THE INPUT:
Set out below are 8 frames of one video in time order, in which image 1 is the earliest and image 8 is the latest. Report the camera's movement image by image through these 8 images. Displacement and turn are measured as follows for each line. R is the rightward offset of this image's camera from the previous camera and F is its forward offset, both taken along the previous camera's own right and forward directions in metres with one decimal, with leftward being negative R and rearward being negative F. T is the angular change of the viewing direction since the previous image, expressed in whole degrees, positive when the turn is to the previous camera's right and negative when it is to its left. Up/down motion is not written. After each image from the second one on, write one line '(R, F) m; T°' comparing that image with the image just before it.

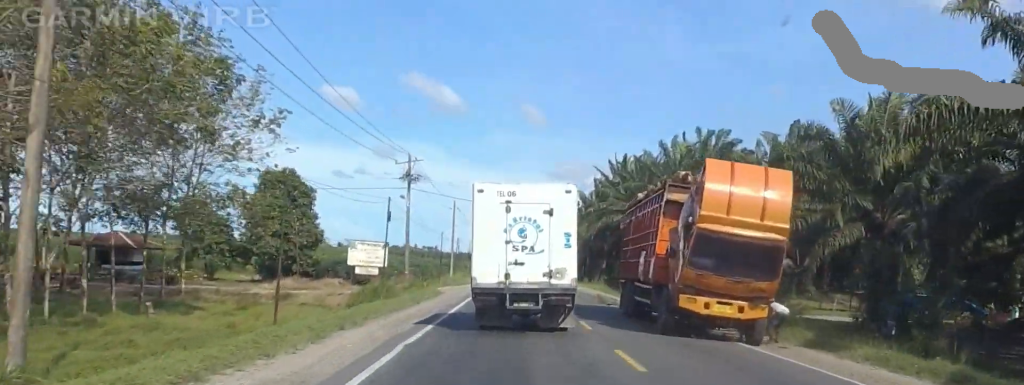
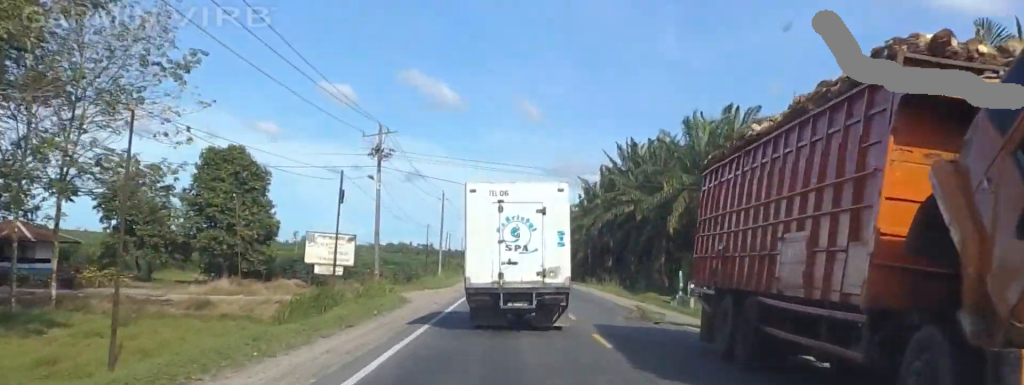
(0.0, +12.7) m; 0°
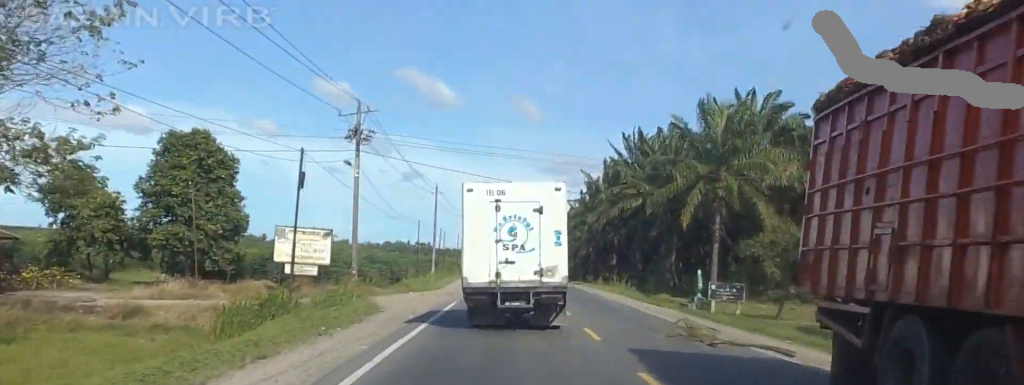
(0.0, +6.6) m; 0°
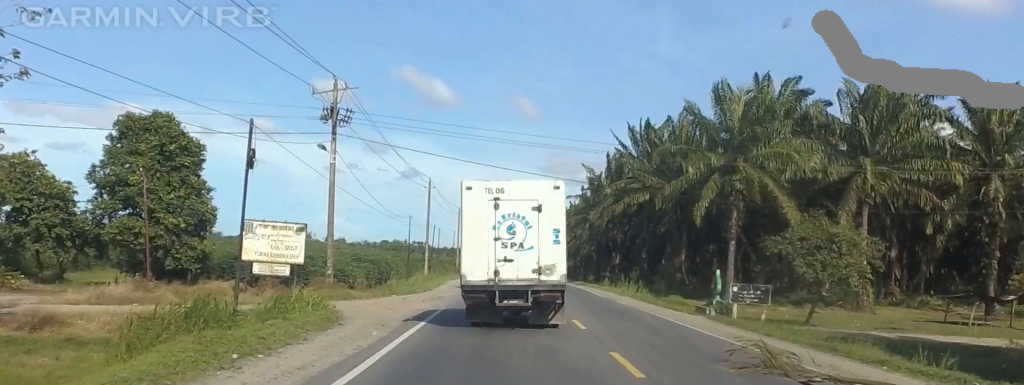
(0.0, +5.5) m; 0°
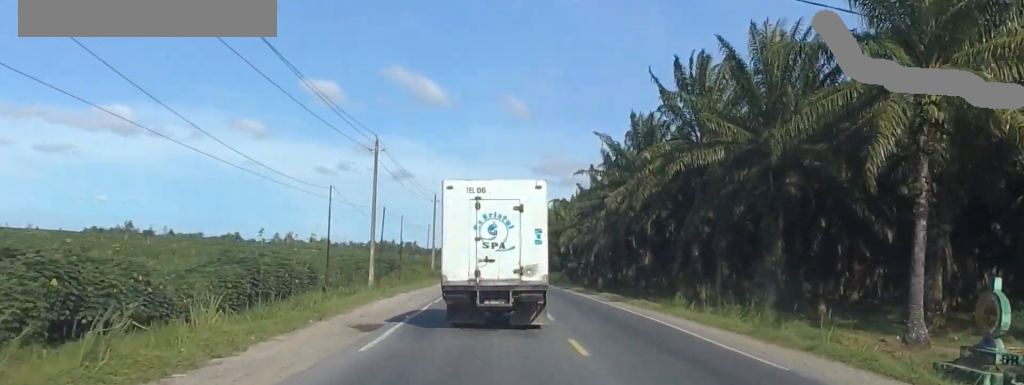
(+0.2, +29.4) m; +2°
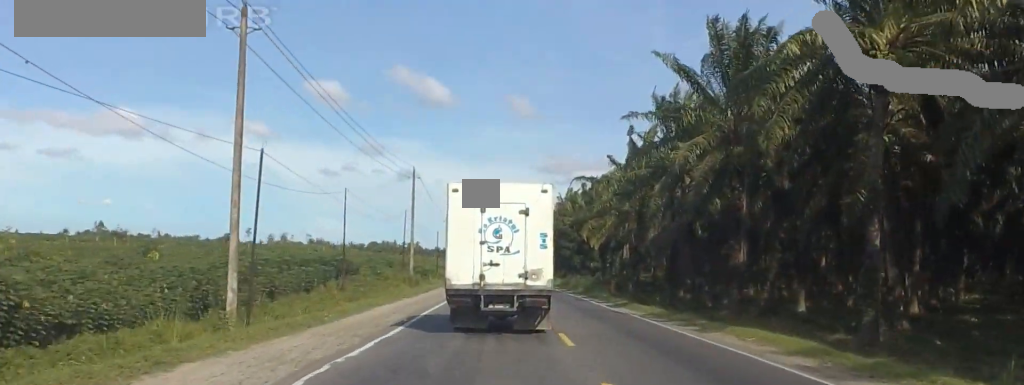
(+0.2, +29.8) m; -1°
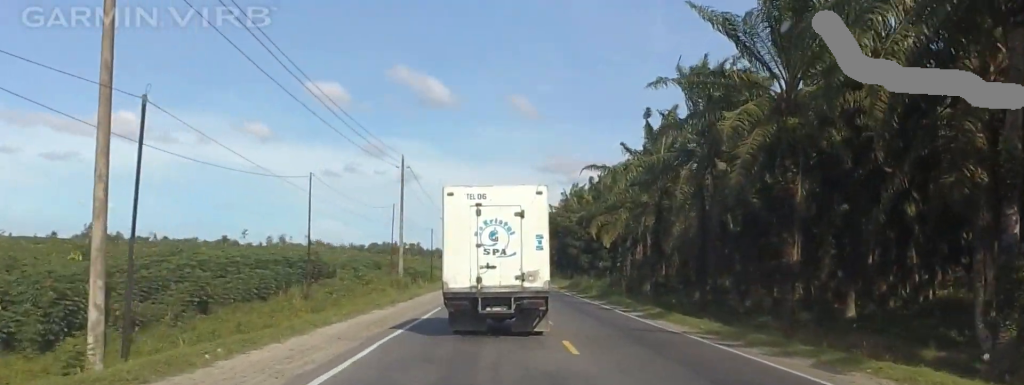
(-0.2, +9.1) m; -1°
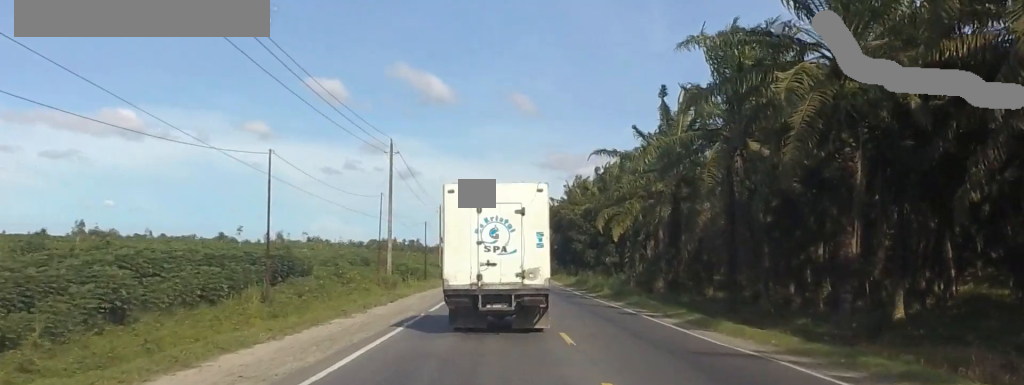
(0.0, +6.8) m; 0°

THE PROBLEM: Your copy should match the records above exactly, apart from the pictures, which stay out.

TASK ANSWER:
Set out below are 8 frames of one video in time order, in which image 1 is the earliest and image 8 is the latest. Report the camera's movement image by image through these 8 images. Displacement and turn are measured as follows for each line. R is the rightward offset of this image's camera from the previous camera and F is its forward offset, both taken along the previous camera's own right and forward directions in metres with one decimal, with leftward being negative R and rearward being negative F. T is the angular change of the viewing direction since the previous image, expressed in whole degrees, positive when the turn is to the previous camera's right and negative when it is to its left. Up/down motion is not written. After each image from the second one on, write one line '(R, F) m; T°' comparing that image with the image just before it.

(0.0, +12.7) m; 0°
(0.0, +6.6) m; 0°
(0.0, +5.5) m; 0°
(+0.2, +29.4) m; +2°
(+0.2, +29.8) m; -1°
(-0.2, +9.1) m; -1°
(0.0, +6.8) m; 0°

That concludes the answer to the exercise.